Published on September 27, 2001

They're young. They're in love. And they kill people.

That tagline from the 1967 film Bonnie & Clyde tells the basic tale of Bonnie Parker and Clyde Barrow, the Dallas bank robbers who led the Barrow Gang across the Midwest, racking up wanted posters while filling body bags. But the film offered something more: a romantic story of young lovers gone bad as played by the dapper duo of Warren Beatty and Faye Dunaway. Arthur Penn's film portrayed Bonnie & Clyde as Romeo and Juliet with guns, a pair of Robin Hoods who let a poor farmer keep his cash during a hold-up. It inspired throw-back fashions, a legion of history buffs who still devour every word published about the couple and a following among '60s counter-culture kids who saw Bonnie and Clyde as the absolute in anti-establishment idols. It also inspired a backlash toward glamorizing murderers while shoving the victims into the background, making their deaths just means to Bonnie and Clyde's grisly ends.

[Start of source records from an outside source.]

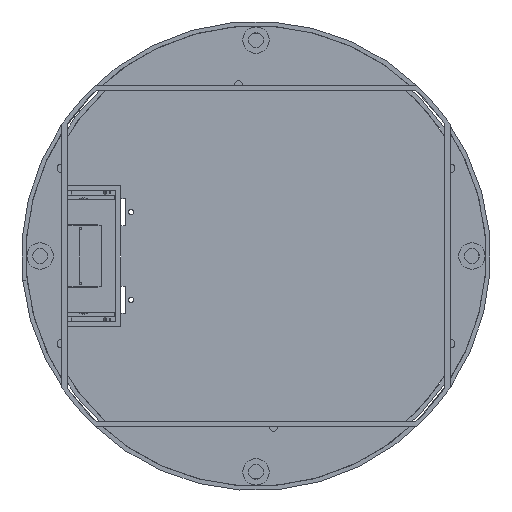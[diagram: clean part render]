
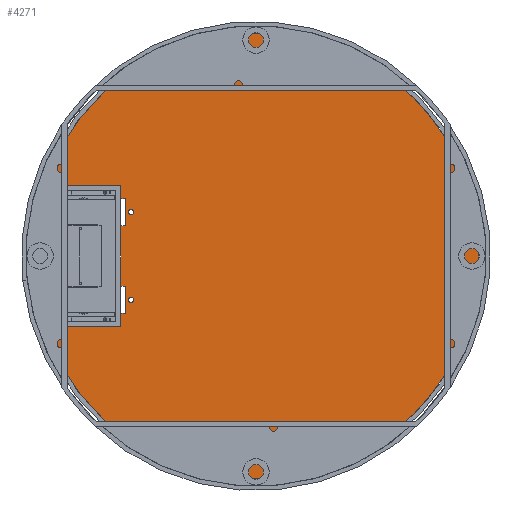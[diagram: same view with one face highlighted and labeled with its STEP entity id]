
A CAD part, front view. The second image highlights one B-rep face of the part: STEP entity #4271.
In plain terms, the highlighted face is planar.
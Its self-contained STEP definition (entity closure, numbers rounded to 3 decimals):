
#3668=CARTESIAN_POINT('',(0.,2.,0.));
#3669=DIRECTION('',(0.,-1.,0.));
#3670=DIRECTION('',(0.,0.,-1.));
#3671=AXIS2_PLACEMENT_3D('',#3668,#3669,#3670);
#3683=CARTESIAN_POINT('',(0.,2.,0.));
#3684=DIRECTION('',(0.,-1.,0.));
#3685=DIRECTION('',(0.942,0.,0.335));
#3686=AXIS2_PLACEMENT_3D('',#3683,#3684,#3685);
#3736=DIRECTION('',(-1.,0.,0.));
#3737=VECTOR('',#3736,33.);
#3738=CARTESIAN_POINT('',(94.75,2.,32.15));
#3739=LINE('',#3738,#3737);
#3740=DIRECTION('',(0.,0.,-1.));
#3741=VECTOR('',#3740,2.05);
#3742=CARTESIAN_POINT('',(94.75,2.,34.2));
#3743=LINE('',#3742,#3741);
#3744=DIRECTION('',(-1.,0.,0.));
#3745=VECTOR('',#3744,1.346);
#3746=CARTESIAN_POINT('',(96.096,2.,34.2));
#3747=LINE('',#3746,#3745);
#3748=DIRECTION('',(1.,0.,0.));
#3749=VECTOR('',#3748,1.346);
#3750=CARTESIAN_POINT('',(94.75,2.,-34.2));
#3751=LINE('',#3750,#3749);
#3752=DIRECTION('',(0.,0.,-1.));
#3753=VECTOR('',#3752,2.05);
#3754=CARTESIAN_POINT('',(94.75,2.,-32.15));
#3755=LINE('',#3754,#3753);
#3756=DIRECTION('',(1.,0.,0.));
#3757=VECTOR('',#3756,33.);
#3758=CARTESIAN_POINT('',(61.75,2.,-32.15));
#3759=LINE('',#3758,#3757);
#3760=DIRECTION('',(0.,0.,-1.));
#3761=VECTOR('',#3760,5.95);
#3762=CARTESIAN_POINT('',(61.75,2.,-26.2));
#3763=LINE('',#3762,#3761);
#3764=DIRECTION('',(1.,0.,0.));
#3765=VECTOR('',#3764,2.2);
#3766=CARTESIAN_POINT('',(59.55,2.,-26.2));
#3767=LINE('',#3766,#3765);
#3768=DIRECTION('',(0.,0.,-1.));
#3769=VECTOR('',#3768,12.4);
#3770=CARTESIAN_POINT('',(59.55,2.,-13.8));
#3771=LINE('',#3770,#3769);
#3772=DIRECTION('',(-1.,0.,0.));
#3773=VECTOR('',#3772,2.2);
#3774=CARTESIAN_POINT('',(61.75,2.,-13.8));
#3775=LINE('',#3774,#3773);
#3776=DIRECTION('',(0.,0.,-1.));
#3777=VECTOR('',#3776,27.6);
#3778=CARTESIAN_POINT('',(61.75,2.,13.8));
#3779=LINE('',#3778,#3777);
#3780=DIRECTION('',(1.,0.,0.));
#3781=VECTOR('',#3780,2.2);
#3782=CARTESIAN_POINT('',(59.55,2.,13.8));
#3783=LINE('',#3782,#3781);
#3784=DIRECTION('',(0.,0.,-1.));
#3785=VECTOR('',#3784,12.4);
#3786=CARTESIAN_POINT('',(59.55,2.,26.2));
#3787=LINE('',#3786,#3785);
#3788=DIRECTION('',(-1.,0.,0.));
#3789=VECTOR('',#3788,2.2);
#3790=CARTESIAN_POINT('',(61.75,2.,26.2));
#3791=LINE('',#3790,#3789);
#3792=DIRECTION('',(0.,0.,-1.));
#3793=VECTOR('',#3792,5.95);
#3794=CARTESIAN_POINT('',(61.75,2.,32.15));
#3795=LINE('',#3794,#3793);
#3796=CARTESIAN_POINT('',(56.95,2.,-20.));
#3797=DIRECTION('',(0.,1.,0.));
#3798=DIRECTION('',(0.,0.,-1.));
#3799=AXIS2_PLACEMENT_3D('',#3796,#3797,#3798);
#3801=CARTESIAN_POINT('',(56.95,2.,-20.));
#3802=DIRECTION('',(0.,1.,0.));
#3803=DIRECTION('',(0.,0.,1.));
#3804=AXIS2_PLACEMENT_3D('',#3801,#3802,#3803);
#3806=CARTESIAN_POINT('',(56.95,2.,20.));
#3807=DIRECTION('',(0.,1.,0.));
#3808=DIRECTION('',(0.,0.,-1.));
#3809=AXIS2_PLACEMENT_3D('',#3806,#3807,#3808);
#3811=CARTESIAN_POINT('',(56.95,2.,20.));
#3812=DIRECTION('',(0.,1.,0.));
#3813=DIRECTION('',(0.,0.,1.));
#3814=AXIS2_PLACEMENT_3D('',#3811,#3812,#3813);
#3816=CARTESIAN_POINT('',(0.,2.,0.));
#3817=DIRECTION('',(0.,1.,0.));
#3818=DIRECTION('',(0.,0.,-1.));
#3819=AXIS2_PLACEMENT_3D('',#3816,#3817,#3818);
#3851=CARTESIAN_POINT('',(0.,2.,-102.));
#3853=VERTEX_POINT('',#3851);
#3855=CARTESIAN_POINT('',(0.,2.,102.));
#3857=VERTEX_POINT('',#3855);
#3872=CARTESIAN_POINT('',(94.75,2.,32.15));
#3873=CARTESIAN_POINT('',(61.75,2.,32.15));
#3874=VERTEX_POINT('',#3872);
#3875=VERTEX_POINT('',#3873);
#3876=CARTESIAN_POINT('',(61.75,2.,26.2));
#3877=VERTEX_POINT('',#3876);
#3878=CARTESIAN_POINT('',(61.75,2.,-32.15));
#3879=CARTESIAN_POINT('',(94.75,2.,-32.15));
#3880=VERTEX_POINT('',#3878);
#3881=VERTEX_POINT('',#3879);
#3882=CARTESIAN_POINT('',(96.096,2.,34.2));
#3883=VERTEX_POINT('',#3882);
#3884=CARTESIAN_POINT('',(96.096,2.,-34.2));
#3885=VERTEX_POINT('',#3884);
#3890=CARTESIAN_POINT('',(56.95,2.,18.75));
#3891=CARTESIAN_POINT('',(56.95,2.,21.25));
#3892=VERTEX_POINT('',#3890);
#3893=VERTEX_POINT('',#3891);
#3898=CARTESIAN_POINT('',(56.95,2.,-21.25));
#3899=CARTESIAN_POINT('',(56.95,2.,-18.75));
#3900=VERTEX_POINT('',#3898);
#3901=VERTEX_POINT('',#3899);
#3906=CARTESIAN_POINT('',(94.75,2.,34.2));
#3907=VERTEX_POINT('',#3906);
#3908=CARTESIAN_POINT('',(94.75,2.,-34.2));
#3909=VERTEX_POINT('',#3908);
#3924=CARTESIAN_POINT('',(59.55,2.,26.2));
#3925=VERTEX_POINT('',#3924);
#3926=CARTESIAN_POINT('',(59.55,2.,13.8));
#3927=VERTEX_POINT('',#3926);
#3928=CARTESIAN_POINT('',(61.75,2.,13.8));
#3929=VERTEX_POINT('',#3928);
#3930=CARTESIAN_POINT('',(61.75,2.,-13.8));
#3931=VERTEX_POINT('',#3930);
#3932=CARTESIAN_POINT('',(59.55,2.,-13.8));
#3933=VERTEX_POINT('',#3932);
#3934=CARTESIAN_POINT('',(59.55,2.,-26.2));
#3935=VERTEX_POINT('',#3934);
#3936=CARTESIAN_POINT('',(61.75,2.,-26.2));
#3937=VERTEX_POINT('',#3936);
#4233=CARTESIAN_POINT('',(0.,2.,0.));
#4234=DIRECTION('',(0.,1.,0.));
#4235=DIRECTION('',(1.,0.,0.));
#4236=AXIS2_PLACEMENT_3D('',#4233,#4234,#4235);
#4237=PLANE('',#4236);
#4238=ORIENTED_EDGE('',*,*,#4002,.F.);
#4239=ORIENTED_EDGE('',*,*,#4017,.F.);
#4240=ORIENTED_EDGE('',*,*,#4031,.F.);
#4241=ORIENTED_EDGE('',*,*,#4061,.T.);
#4243=ORIENTED_EDGE('',*,*,#4242,.F.);
#4244=ORIENTED_EDGE('',*,*,#4044,.T.);
#4245=ORIENTED_EDGE('',*,*,#4074,.F.);
#4246=ORIENTED_EDGE('',*,*,#4088,.F.);
#4247=ORIENTED_EDGE('',*,*,#4102,.F.);
#4248=ORIENTED_EDGE('',*,*,#4116,.F.);
#4249=ORIENTED_EDGE('',*,*,#4130,.F.);
#4250=ORIENTED_EDGE('',*,*,#4144,.F.);
#4251=ORIENTED_EDGE('',*,*,#4158,.F.);
#4252=ORIENTED_EDGE('',*,*,#4172,.F.);
#4253=ORIENTED_EDGE('',*,*,#4186,.F.);
#4254=ORIENTED_EDGE('',*,*,#4200,.F.);
#4255=ORIENTED_EDGE('',*,*,#4214,.F.);
#4256=ORIENTED_EDGE('',*,*,#4227,.F.);
#4257=EDGE_LOOP('',(#4238,#4239,#4240,#4241,#4243,#4244,#4245,#4246,#4247,#4248,
#4249,#4250,#4251,#4252,#4253,#4254,#4255,#4256));
#4258=FACE_OUTER_BOUND('',#4257,.F.);
#4260=ORIENTED_EDGE('',*,*,#4259,.T.);
#4262=ORIENTED_EDGE('',*,*,#4261,.T.);
#4263=EDGE_LOOP('',(#4260,#4262));
#4264=FACE_BOUND('',#4263,.F.);
#4266=ORIENTED_EDGE('',*,*,#4265,.T.);
#4268=ORIENTED_EDGE('',*,*,#4267,.T.);
#4269=EDGE_LOOP('',(#4266,#4268));
#4270=FACE_BOUND('',#4269,.F.);
#3672=CIRCLE('',#3671,102.);
#3687=CIRCLE('',#3686,102.);
#3800=CIRCLE('',#3799,1.25);
#3805=CIRCLE('',#3804,1.25);
#3810=CIRCLE('',#3809,1.25);
#3815=CIRCLE('',#3814,1.25);
#3820=CIRCLE('',#3819,102.);
#4002=EDGE_CURVE('',#3874,#3875,#3739,.T.);
#4017=EDGE_CURVE('',#3907,#3874,#3743,.T.);
#4031=EDGE_CURVE('',#3883,#3907,#3747,.T.);
#4044=EDGE_CURVE('',#3853,#3885,#3672,.T.);
#4061=EDGE_CURVE('',#3883,#3857,#3687,.T.);
#4074=EDGE_CURVE('',#3909,#3885,#3751,.T.);
#4088=EDGE_CURVE('',#3881,#3909,#3755,.T.);
#4102=EDGE_CURVE('',#3880,#3881,#3759,.T.);
#4116=EDGE_CURVE('',#3937,#3880,#3763,.T.);
#4130=EDGE_CURVE('',#3935,#3937,#3767,.T.);
#4144=EDGE_CURVE('',#3933,#3935,#3771,.T.);
#4158=EDGE_CURVE('',#3931,#3933,#3775,.T.);
#4172=EDGE_CURVE('',#3929,#3931,#3779,.T.);
#4186=EDGE_CURVE('',#3927,#3929,#3783,.T.);
#4200=EDGE_CURVE('',#3925,#3927,#3787,.T.);
#4214=EDGE_CURVE('',#3877,#3925,#3791,.T.);
#4227=EDGE_CURVE('',#3875,#3877,#3795,.T.);
#4242=EDGE_CURVE('',#3853,#3857,#3820,.T.);
#4259=EDGE_CURVE('',#3900,#3901,#3800,.T.);
#4261=EDGE_CURVE('',#3901,#3900,#3805,.T.);
#4265=EDGE_CURVE('',#3892,#3893,#3810,.T.);
#4267=EDGE_CURVE('',#3893,#3892,#3815,.T.);
#4271=ADVANCED_FACE('',(#4258,#4264,#4270),#4237,.T.);

Now, 67 years after Bonnie and Clyde were killed in an ambush in Louisiana, the Dallas Historical Society has collected an extensive number of artifacts that tell the story of these famous criminals, their crimes, and the blood they shed from Texas to Minnesota. Called The Legend of Bonnie & Clyde, the exhibit does more than just tell the tale of a hardened criminal and the poetry-writing waitress who loved him--it reminds us of the victims they left in their wake. Besides Bonnie & Clyde's personal objects taken from the death car and the Ford V8 used in the film, The Legend of Bonnie & Clyde also includes a gallery dedicated to the peace officers who worked the case, including five who were killed, and a "funeral parlor" room devoted to the gang's other victims. In addition, the entire 18 minutes of the film that was shot at the ambush will be shown for the first time in 65 years. There's nothing like cold, hard truth to shoot a few holes in a legend.